Так вот я и думаю, что если бы у меня была такая любовь к тем людям, которым я сообщаю свои разумные основы жизни, такая любовь, какая есть у матери к ребенку, то никто бы не усомнился в истинности этих основ. А то у меня есть одно, а нет другого. Если же мне не допустить этого, что неубедительность моих разумных доводов происходит от недостатка во мне любви, то я должен буду признать еще худшее и невозможное, для меня по крайней мере, что истины христианские не совсем истинны.

как будто уже достигли всего, что нужно. Шаг действительно огромный в сравнении с тем мраком, в котором мы жили; но все-таки это только шаг и даже крошечный шаг, за которым должно следовать шествие по тому огромному бесконечному пути, который открывается нам, по пути применения этого сознания к жизни в любви, которая не так сразу заменяет нашу жестокую зверскую личную жизнь с привычками и страстями, которыми мы жили и живем, а по капелькам вливается нам в душу, — та любовь, которая по существу своему требует бесконечного роста, увеличения. Работа моя над этим только чуть-чуть начинается. Так вот я в этом смысле и упрекаю себя за то, что не умею — не убеждать, а побеждать людей той непобедимой силой, которая дана нам. Один ходишь, думаешь и как будто чуешь в себе зарождение этой силы; кажется, сойдусь с человеком и сейчас залью его, заполню этой непобедимой силой, зарождающейся во мне, а приступишь к делу, сойдешься с ним, и вместо несокрушимого меча, который, казалось, держишь в руках, оказывается гибкий, хрупкий росточек, который тут же, при первой схватке, и сломаешь, и бросишь, затопчешь. А знаю, и вы знаете наверное, что возможно не то что овладеть, но быть участником этой силы.

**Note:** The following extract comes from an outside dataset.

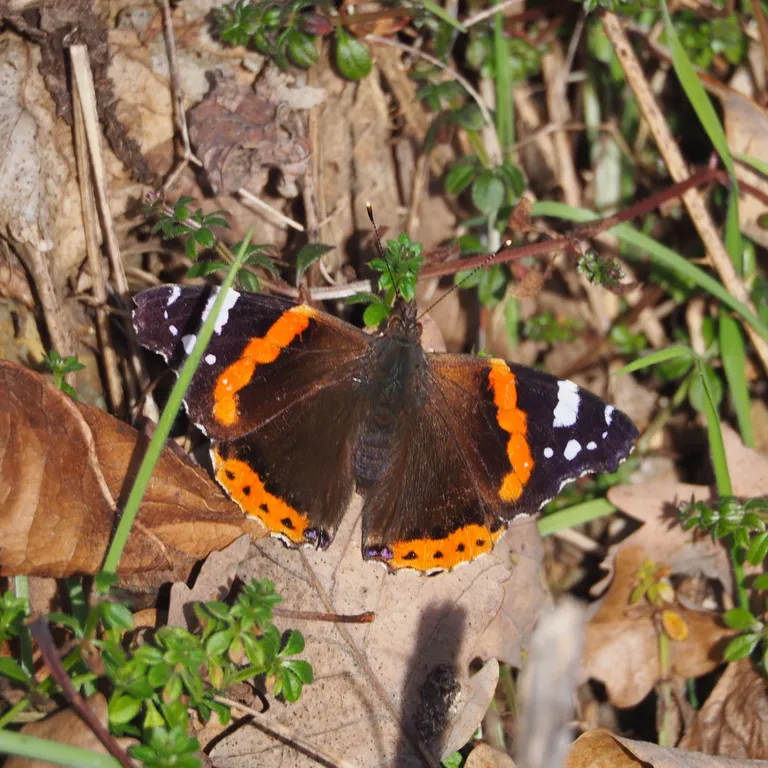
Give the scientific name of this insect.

Пишу, и неприятно вспоминать, что как будто пишу не вам, но читателям, что вы покажете письмо. Так это мне отравляет простое братское общение в письмах.

Писал, как приходило в голову, — нескладно; но мне мысль моя ясна. Очень бы рад был, коли вы были согласны. Да почти уверен в этом. Если же не согласны, то постарайтесь понять общий смысл, а не обращайте внимание на подробности. Ну, до следующего письма, целую вас и вашу милую старуху и ваших.

Л. Толстой.

Очень бы хотелось поскорее сообщить вам мою статью о жизни; я уверен, что она придется вам по сердцу.

— там, я надеюсь, изложен хорошо. Закон единый, различие только в том, что там мы видим, как он исполняется, но исполняем не мы, а в себе мы не видим его, но должны неизбежно исполнять его для своего блага.

В рукописи вашей я кое-что отметил. Вы не пишете, прислать ли ее назад.

Примечания

Печатается по копии. Отрывки впервые опубликованы в сборнике «Спелые колосья», 3, стр. 145—146, 172—174; в «Елисаветградских новостях» 1904, № 373 от 25 декабря; во «Всемирном вестнике» 1907, 6, стр. 86—87; в «Единении» 1917, 4, стр. 3. Дата копии.

Письмо H. Л. Озмидова, на которое отвечает Толстой, неизвестно.

1

2 Цитата из Евангелия: «Не мечите бисера перед свиньями».